1.III.1985 (during the spiritual exercises)Again - as regards the expression "College of Cardinals and Compatriots": the "College of Cardinals" has no obligation to consult "Compatriots" on this subject, however it can do so, if for some reason it feels it is right to do so.
Spiritual exercise of the Jubilee Year 2000 (12-18.III)(for my testament)
1. When, on October 16, 1978 the conclave of cardinals chose John Paul II, the primate of Poland, Cardinal Stefan Wyszynski told me: "The duty of the new Pope will be to introduce the Church into the Third Millennium." I don't know if I am repeating this sentence exactly, but at least this was the sense of what I heard at the time. This was said by the Man who entered history as the primate of the Millennium. A great primate. I was a witness to his mission, to his total entrustment. To his battles. To his victory. "Victory, when it comes, will be a victory through Mary" - The primate of the Millennium used to repeat these words of his predecessor, Cardinal August Hlond.
In this way I was prepared in some manner for the duty that presented itself to me on October 16, 1978. As I write these words, the Jubilee Year 2000 is already a reality. The night of December 24, 1999 the symbolic Door of the Great Jubilee in the Basilica of St. Peter's was opened, then that of St. John Lateran, then St.

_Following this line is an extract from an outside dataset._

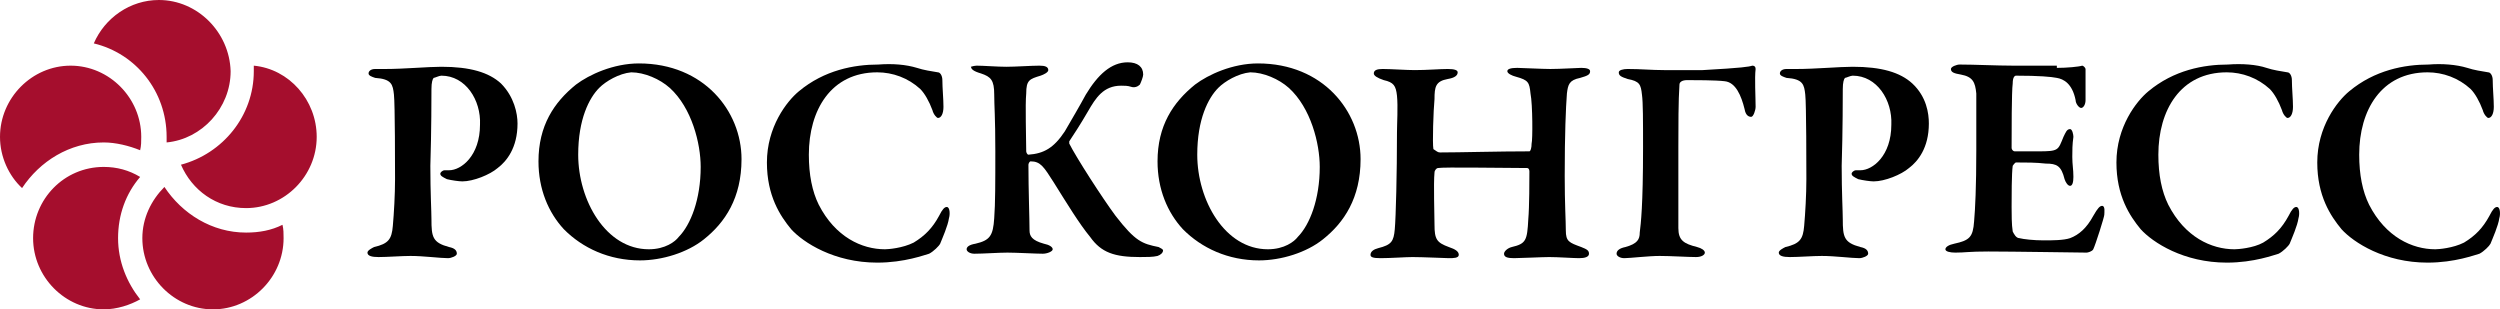 <?xml version="1.0" encoding="UTF-8"?> <svg xmlns="http://www.w3.org/2000/svg" width="299" height="37" viewBox="0 0 299 37" fill="none"> <path d="M0 16.37C0 11.712 3.827 7.853 8.446 7.853C13.065 7.853 16.893 11.712 16.893 16.37C16.893 16.903 16.893 17.435 16.761 17.968C15.441 17.435 13.857 17.036 12.406 17.036C8.314 17.036 4.751 19.299 2.639 22.493C1.056 21.029 0 18.766 0 16.37ZM14.121 28.482C14.121 25.687 15.045 23.158 16.761 21.162C15.441 20.363 13.989 19.964 12.406 19.964C7.654 19.964 3.959 23.824 3.959 28.482C3.959 33.14 7.786 37 12.406 37C13.989 37 15.573 36.468 16.761 35.802C15.177 33.806 14.121 31.277 14.121 28.482ZM29.43 27.817C25.339 27.817 21.776 25.554 19.664 22.36C18.08 23.957 17.025 26.086 17.025 28.482C17.025 33.14 20.852 37 25.471 37C30.09 37 33.917 33.14 33.917 28.482C33.917 27.95 33.917 27.417 33.785 26.885C32.466 27.55 31.014 27.817 29.43 27.817ZM30.354 7.853C30.354 8.119 30.354 8.252 30.354 8.518C30.354 13.842 26.659 18.367 21.644 19.698C22.963 22.759 25.867 24.889 29.43 24.889C34.049 24.889 37.877 21.029 37.877 16.37C37.877 11.978 34.577 8.252 30.354 7.853ZM19.004 0C15.573 0 12.537 2.13 11.218 5.191C16.233 6.388 19.928 10.914 19.928 16.37C19.928 16.637 19.928 16.77 19.928 17.036C24.151 16.637 27.583 12.91 27.583 8.518C27.451 3.86 23.623 0 19.004 0Z" fill="#A50E2D"></path> <path d="M52.789 9.05C52.526 9.05 51.998 9.316 51.866 9.316C51.734 9.449 51.602 9.849 51.602 10.647C51.602 11.313 51.602 15.705 51.47 19.831C51.47 23.025 51.602 25.288 51.602 26.219C51.602 28.349 51.734 29.014 53.713 29.547C54.373 29.68 54.637 29.946 54.637 30.345C54.637 30.611 53.977 30.877 53.581 30.877C52.657 30.877 50.678 30.611 49.094 30.611C48.038 30.611 46.323 30.744 45.267 30.744C44.475 30.744 43.947 30.611 43.947 30.212C43.947 29.946 44.475 29.68 44.739 29.547C46.455 29.147 46.851 28.615 46.983 27.018C47.115 25.554 47.247 23.291 47.247 21.428C47.247 20.23 47.247 12.377 47.115 11.313C46.983 10.115 46.851 9.449 44.871 9.316C44.475 9.183 44.079 9.05 44.079 8.784C44.079 8.518 44.343 8.252 44.871 8.252C45.135 8.252 45.663 8.252 46.059 8.252C48.302 8.252 51.206 7.985 52.789 7.985C56.221 7.985 58.464 8.651 59.916 9.982C61.5 11.579 61.896 13.575 61.896 14.773C61.896 17.701 60.576 19.298 59.52 20.097C58.596 20.895 56.617 21.694 55.297 21.694C54.901 21.694 53.977 21.561 53.449 21.428C52.922 21.162 52.658 21.029 52.658 20.762C52.658 20.629 52.922 20.363 53.185 20.363C53.449 20.363 53.581 20.363 53.713 20.363C55.165 20.363 57.409 18.633 57.409 14.906C57.541 11.978 55.693 9.05 52.789 9.05Z" fill="black"></path> <path d="M88.686 19.032C88.686 23.69 86.706 26.618 84.198 28.615C82.219 30.212 79.183 31.143 76.544 31.143C72.849 31.143 69.681 29.68 67.438 27.417C65.59 25.421 64.402 22.625 64.402 19.298C64.402 15.039 66.25 12.244 68.889 10.115C70.473 8.917 73.377 7.586 76.412 7.586C84.198 7.586 88.686 13.309 88.686 19.032ZM71.661 10.514C70.473 11.712 69.153 14.241 69.153 18.5C69.153 23.956 72.453 29.813 77.6 29.813C79.579 29.813 80.767 28.881 81.163 28.349C82.615 26.884 83.802 23.823 83.802 19.964C83.802 17.169 82.747 12.91 80.107 10.514C78.919 9.449 77.072 8.651 75.488 8.651C74.036 8.784 72.453 9.715 71.661 10.514Z" fill="black"></path> <path d="M109.671 8.119C110.463 8.385 111.387 8.518 112.179 8.651C112.443 8.651 112.707 9.05 112.707 9.583C112.707 10.514 112.838 11.845 112.838 12.777C112.838 13.575 112.575 14.108 112.179 14.108C112.047 14.108 111.651 13.709 111.519 13.176C111.123 12.111 110.595 11.18 110.067 10.647C108.615 9.316 106.768 8.651 104.92 8.651C99.377 8.651 96.738 13.176 96.738 18.5C96.738 20.896 97.134 22.892 97.925 24.489C99.905 28.349 103.072 29.813 105.844 29.813C106.24 29.813 107.955 29.68 109.275 29.014C110.595 28.216 111.519 27.284 112.311 25.82C112.707 25.021 112.97 24.755 113.234 24.755C113.63 24.755 113.63 25.687 113.498 26.086C113.366 27.018 112.707 28.482 112.443 29.147C112.311 29.414 111.651 30.079 111.123 30.345C110.595 30.478 108.219 31.41 104.92 31.41C99.773 31.41 96.078 29.014 94.626 27.417C93.306 25.82 91.723 23.424 91.723 19.432C91.723 15.173 94.098 12.111 95.55 10.914C98.585 8.385 102.149 7.719 105.052 7.719C106.768 7.586 108.351 7.719 109.671 8.119Z" fill="black"></path> <path d="M116.797 7.852C117.589 7.852 119.305 7.986 120.36 7.986C121.416 7.986 123.396 7.852 124.32 7.852C124.98 7.852 125.375 7.986 125.375 8.385C125.375 8.651 124.848 8.917 124.452 9.05C123.132 9.45 122.736 9.583 122.736 11.18C122.604 12.511 122.736 16.503 122.736 18.101C122.736 18.234 122.868 18.5 123 18.5C124.848 18.367 126.035 17.701 127.355 15.705C128.279 14.108 129.071 12.777 129.863 11.313C131.314 8.917 132.898 7.453 134.878 7.453C136.065 7.453 136.725 7.986 136.725 8.917C136.725 9.183 136.461 9.849 136.329 10.115C136.065 10.381 135.669 10.514 135.274 10.381C134.878 10.248 134.482 10.248 134.086 10.248C131.974 10.248 131.05 11.712 130.127 13.309C129.203 14.906 128.411 16.104 127.883 16.903C127.883 17.036 127.883 17.169 127.883 17.169C128.675 18.766 131.842 23.691 133.426 25.82C135.801 28.881 136.593 29.147 138.573 29.547C138.837 29.68 139.101 29.813 139.101 29.946C139.101 30.212 138.837 30.478 138.441 30.611C137.913 30.744 137.121 30.744 136.329 30.744C133.294 30.744 131.71 30.212 130.39 28.349C129.071 26.752 127.619 24.356 126.035 21.827C124.848 19.964 124.452 19.298 123.264 19.298C123.132 19.298 123 19.565 123 19.698C123 22.626 123.132 26.219 123.132 27.55C123.132 28.216 123.396 28.748 124.848 29.147C125.507 29.28 125.903 29.547 125.903 29.813C125.903 30.079 125.243 30.345 124.716 30.345C123.924 30.345 121.548 30.212 120.492 30.212C119.437 30.212 117.589 30.345 116.533 30.345C116.005 30.345 115.609 30.079 115.609 29.813C115.609 29.547 115.873 29.28 116.665 29.147C118.381 28.748 118.777 28.216 118.909 26.086C119.041 24.356 119.041 21.827 119.041 18.101C119.041 13.975 118.909 12.644 118.909 11.313C118.909 9.583 118.513 9.183 117.325 8.784C116.401 8.518 116.137 8.252 116.137 7.986C115.741 8.119 116.401 7.852 116.797 7.852Z" fill="black"></path> <path d="M162.725 19.032C162.725 23.69 160.745 26.618 158.238 28.615C156.258 30.212 153.222 31.143 150.583 31.143C146.888 31.143 143.72 29.68 141.477 27.417C139.629 25.421 138.441 22.625 138.441 19.298C138.441 15.039 140.289 12.244 142.929 10.115C144.512 8.917 147.416 7.586 150.451 7.586C158.238 7.586 162.725 13.309 162.725 19.032ZM145.7 10.514C144.512 11.712 143.192 14.241 143.192 18.5C143.192 23.956 146.492 29.813 151.639 29.813C153.618 29.813 154.806 28.881 155.202 28.349C156.654 26.884 157.842 23.823 157.842 19.964C157.842 17.169 156.786 12.91 154.146 10.514C152.959 9.449 151.111 8.651 149.527 8.651C148.076 8.784 146.492 9.715 145.7 10.514Z" fill="black"></path> <path d="M172.226 18.233C174.602 18.233 179.221 18.1 182.916 18.1C183.048 18.1 183.18 17.701 183.18 17.169C183.312 16.769 183.312 12.51 183.048 11.179C182.916 9.848 182.784 9.582 181.333 9.183C180.805 9.05 180.277 8.784 180.277 8.517C180.277 8.251 180.673 8.118 181.465 8.118C181.861 8.118 184.5 8.251 185.424 8.251C186.612 8.251 188.723 8.118 189.119 8.118C189.779 8.118 190.175 8.251 190.175 8.517C190.175 8.917 189.911 9.05 188.987 9.316C187.667 9.582 187.535 10.115 187.403 11.179C187.272 12.909 187.14 15.971 187.14 21.028C187.14 24.489 187.272 26.352 187.272 27.55C187.272 28.881 187.667 29.014 189.119 29.546C189.779 29.812 190.043 29.945 190.043 30.345C190.043 30.744 189.515 30.877 188.855 30.877C188.195 30.877 186.348 30.744 185.292 30.744C184.5 30.744 181.729 30.877 181.069 30.877C180.277 30.877 179.881 30.744 179.881 30.345C179.881 30.079 180.277 29.679 180.805 29.546C182.52 29.147 182.652 28.748 182.784 26.219C182.916 24.755 182.916 21.427 182.916 20.496C182.916 20.23 182.784 20.097 182.652 20.097C179.881 20.097 172.622 19.963 171.963 20.097C171.831 20.097 171.567 20.363 171.567 20.629C171.435 21.96 171.567 25.686 171.567 26.884C171.567 28.615 171.831 29.014 173.282 29.546C174.074 29.812 174.47 30.079 174.47 30.478C174.47 30.877 173.81 30.877 173.282 30.877C173.018 30.877 170.115 30.744 168.927 30.744C168.135 30.744 166.288 30.877 165.1 30.877C164.176 30.877 163.912 30.744 163.912 30.478C163.912 30.079 164.308 29.812 164.836 29.679C166.42 29.28 166.684 28.881 166.816 27.417C166.948 25.953 167.079 20.762 167.079 15.838C167.079 14.773 167.211 12.776 167.079 11.445C166.948 10.248 166.684 9.848 165.496 9.582C164.704 9.316 164.308 9.05 164.308 8.784C164.308 8.384 164.704 8.251 165.364 8.251C166.288 8.251 168.267 8.384 169.191 8.384C170.643 8.384 172.226 8.251 173.15 8.251C173.942 8.251 174.338 8.384 174.338 8.651C174.338 9.05 173.942 9.316 173.15 9.449C171.699 9.715 171.567 10.381 171.567 11.845C171.435 13.176 171.303 17.169 171.435 17.834C171.831 18.1 171.963 18.233 172.226 18.233Z" fill="black"></path> <path d="M209.575 7.852C209.839 7.852 209.971 7.985 209.971 8.251C209.839 9.316 209.971 11.579 209.971 12.777C209.971 13.176 209.707 13.974 209.443 13.974C209.179 13.974 208.783 13.841 208.651 13.043C208.255 11.446 207.595 9.848 206.275 9.715C205.219 9.582 202.58 9.582 201.788 9.582C201.128 9.582 200.864 9.848 200.864 10.115C200.732 11.978 200.732 15.172 200.732 17.568C200.732 20.097 200.732 24.755 200.732 27.284C200.732 28.748 201.392 29.147 202.976 29.546C203.504 29.679 203.9 29.946 203.9 30.212C203.9 30.478 203.504 30.744 202.844 30.744C201.92 30.744 199.809 30.611 198.489 30.611C197.169 30.611 194.925 30.877 194.266 30.877C193.738 30.877 193.342 30.611 193.342 30.345C193.342 29.946 193.738 29.679 194.398 29.546C195.849 29.147 196.113 28.615 196.113 27.816C196.245 26.751 196.509 24.622 196.509 17.701C196.509 14.374 196.509 12.244 196.377 11.312C196.245 10.115 196.113 9.715 194.662 9.449C193.87 9.183 193.606 9.05 193.606 8.651C193.606 8.384 194.134 8.251 194.662 8.251C196.245 8.251 197.565 8.384 199.017 8.384C200.468 8.384 202.052 8.384 203.636 8.384C208.387 8.118 209.179 7.985 209.575 7.852Z" fill="black"></path> <path d="M221.584 9.05C221.32 9.05 220.793 9.316 220.661 9.316C220.529 9.449 220.397 9.849 220.397 10.647C220.397 11.313 220.397 15.705 220.265 19.831C220.265 23.025 220.397 25.288 220.397 26.219C220.397 28.349 220.529 29.014 222.508 29.547C223.168 29.68 223.432 29.946 223.432 30.345C223.432 30.611 222.772 30.877 222.376 30.877C221.452 30.877 219.473 30.611 217.889 30.611C216.833 30.611 215.118 30.744 214.062 30.744C213.27 30.744 212.742 30.611 212.742 30.212C212.742 29.946 213.27 29.68 213.534 29.547C215.25 29.147 215.646 28.615 215.778 27.018C215.91 25.554 216.042 23.291 216.042 21.428C216.042 20.23 216.042 12.377 215.91 11.313C215.778 10.115 215.646 9.449 213.666 9.316C213.27 9.183 212.874 9.05 212.874 8.784C212.874 8.518 213.138 8.252 213.666 8.252C213.93 8.252 214.458 8.252 214.854 8.252C217.097 8.252 220.001 7.985 221.584 7.985C225.016 7.985 227.259 8.651 228.711 9.982C230.427 11.579 230.691 13.575 230.691 14.773C230.691 17.701 229.371 19.298 228.315 20.097C227.391 20.895 225.412 21.694 224.092 21.694C223.696 21.694 222.772 21.561 222.244 21.428C221.716 21.162 221.452 21.029 221.452 20.762C221.452 20.629 221.716 20.363 221.98 20.363C222.244 20.363 222.376 20.363 222.508 20.363C223.96 20.363 226.204 18.633 226.204 14.906C226.336 11.978 224.488 9.05 221.584 9.05Z" fill="black"></path> <path d="M245.999 8.119C247.187 8.119 248.639 7.985 249.035 7.852C249.167 7.852 249.431 8.119 249.431 8.252C249.431 8.917 249.431 11.313 249.431 11.978C249.431 12.511 249.167 12.91 248.903 12.91C248.639 12.91 248.243 12.377 248.243 11.978C247.847 9.982 246.791 9.449 245.999 9.316C245.339 9.183 243.888 9.05 241.116 9.05C240.984 9.05 240.72 9.183 240.72 9.982C240.588 10.914 240.588 15.838 240.588 17.701C240.588 17.834 240.72 18.101 240.984 18.101H243.756C246.263 18.101 246.131 17.967 246.791 16.37C247.055 15.838 247.187 15.439 247.583 15.439C247.847 15.439 247.979 16.104 247.979 16.37C247.847 17.302 247.847 17.967 247.847 18.766C247.847 19.698 247.979 20.23 247.979 21.162C247.979 21.827 247.847 22.226 247.583 22.226C247.319 22.226 247.055 21.827 246.923 21.428C246.527 19.831 245.999 19.565 244.68 19.565C243.492 19.431 242.304 19.431 241.116 19.431C240.984 19.431 240.72 19.831 240.72 19.831C240.588 20.762 240.588 23.557 240.588 24.755C240.588 25.554 240.588 26.885 240.72 27.683C240.852 27.95 241.116 28.482 241.512 28.482C242.04 28.615 243.228 28.748 244.416 28.748C245.471 28.748 246.791 28.748 247.583 28.482C248.639 28.082 249.563 27.284 250.354 25.82C250.882 24.888 251.146 24.622 251.41 24.622C251.806 24.622 251.674 25.421 251.674 25.687C251.674 25.953 250.618 29.28 250.354 29.813C250.222 30.079 249.695 30.212 249.563 30.212C249.167 30.212 240.456 30.079 237.817 30.079C235.441 30.079 235.045 30.212 233.858 30.212C233.198 30.212 232.67 30.079 232.67 29.813C232.67 29.547 233.066 29.28 233.726 29.147C235.573 28.748 235.969 28.349 236.101 26.485C236.233 25.021 236.365 22.36 236.365 17.967C236.365 13.841 236.365 12.111 236.365 11.18C236.233 9.849 235.969 9.183 234.518 8.917C233.726 8.784 233.33 8.651 233.33 8.252C233.33 7.985 233.99 7.719 234.386 7.719C236.101 7.719 238.873 7.852 240.72 7.852H245.999V8.119V8.119Z" fill="black"></path> <path d="M271.073 8.119C271.865 8.385 272.789 8.518 273.581 8.651C273.845 8.651 274.109 9.05 274.109 9.583C274.109 10.514 274.241 11.845 274.241 12.777C274.241 13.575 273.977 14.108 273.581 14.108C273.449 14.108 273.053 13.709 272.921 13.176C272.525 12.111 271.997 11.18 271.469 10.647C270.018 9.316 268.17 8.651 266.322 8.651C260.779 8.651 258.14 13.176 258.14 18.5C258.14 20.896 258.536 22.892 259.328 24.489C261.307 28.349 264.475 29.813 267.246 29.813C267.642 29.813 269.49 29.68 270.678 29.014C271.997 28.216 272.921 27.284 273.713 25.82C274.109 25.021 274.373 24.755 274.637 24.755C275.033 24.755 275.033 25.687 274.901 26.086C274.769 27.018 274.109 28.482 273.845 29.147C273.713 29.414 273.053 30.079 272.525 30.345C271.997 30.478 269.622 31.41 266.322 31.41C261.175 31.41 257.48 29.014 256.028 27.417C254.709 25.82 253.125 23.424 253.125 19.432C253.125 15.173 255.501 12.111 256.952 10.914C259.988 8.385 263.551 7.719 266.454 7.719C268.17 7.586 269.886 7.719 271.073 8.119Z" fill="black"></path> <path d="M295.093 8.119C295.885 8.385 296.809 8.518 297.601 8.651C297.864 8.651 298.128 9.05 298.128 9.583C298.128 10.514 298.26 11.845 298.26 12.777C298.26 13.575 297.996 14.108 297.601 14.108C297.469 14.108 297.073 13.709 296.941 13.176C296.545 12.111 296.017 11.18 295.489 10.647C294.037 9.316 292.19 8.651 290.342 8.651C284.799 8.651 282.16 13.176 282.16 18.5C282.16 20.896 282.555 22.892 283.347 24.489C285.327 28.349 288.494 29.813 291.266 29.813C291.662 29.813 293.377 29.68 294.697 29.014C296.017 28.216 296.941 27.284 297.732 25.82C298.128 25.021 298.392 24.755 298.656 24.755C299.052 24.755 299.052 25.687 298.92 26.086C298.788 27.018 298.128 28.482 297.864 29.147C297.732 29.414 297.073 30.079 296.545 30.345C296.017 30.478 293.641 31.41 290.342 31.41C285.195 31.41 281.5 29.014 280.048 27.417C278.728 25.82 277.145 23.424 277.145 19.432C277.145 15.173 279.52 12.111 280.972 10.914C284.007 8.385 287.57 7.719 290.474 7.719C292.058 7.586 293.773 7.719 295.093 8.119Z" fill="black"></path> </svg>

Mary Major - on New Year's, and on January 19 the Door of the Basilica of St. Paul's Outside-the-Walls. This last event, given its ecumenical character, has remained impressed in my memory in a special way.
2. As the Jubilee Year progressed, day by day the 20th century closes behind us and the 21st century opens. According to the plans of Divine Providence I was allowed to live in the difficult century that is retreating into the past, and now, in the year in which my life reaches 80 years ('octogesima adveniens'), it is time to ask oneself if it is not the time to repeat with the biblical Simeone 'nunc dimittis'.
On May 13, 1981, the day of the attack on the Pope during the general audience in St. Peter's Square, Divine Providence saved me in a miraculous way from death. The One Who is the Only Lord of life and death Himself prolonged my life, in a certain way He gave it to me again. From that moment it belonged to Him even more. I hope He will help me to recognize up to what point I must continue this service to which I was called on October 16, 1978. I ask him to call me back when He Himself wishes. 'In life and in death we belong to the Lord ... we are the Lord's. (cf. Rm 14,8). I also hope that, as long as I am called to fulfil the Petrine service in the Church, the Mercy of God will give me the necessary strength for this service.
3. As I do every year during spiritual exercises I read my testament from 6-III-1979. I continue to maintain the dispositions contained in this text. What then, and even during successive spiritual exercises, has been added constitutes a reflection of the difficult and tense general situation which marked the Eighties. From autumn of the year 1989 this situation changed. The last decade of the century was free of the previous tensions; that does not mean that it did not bring with it new problems and difficulties. In a special way may Divine Providence be praised for this, that the period of the so-called 'cold war' ended without violent nuclear conflict, the danger of which weighed on the world in the preceding period.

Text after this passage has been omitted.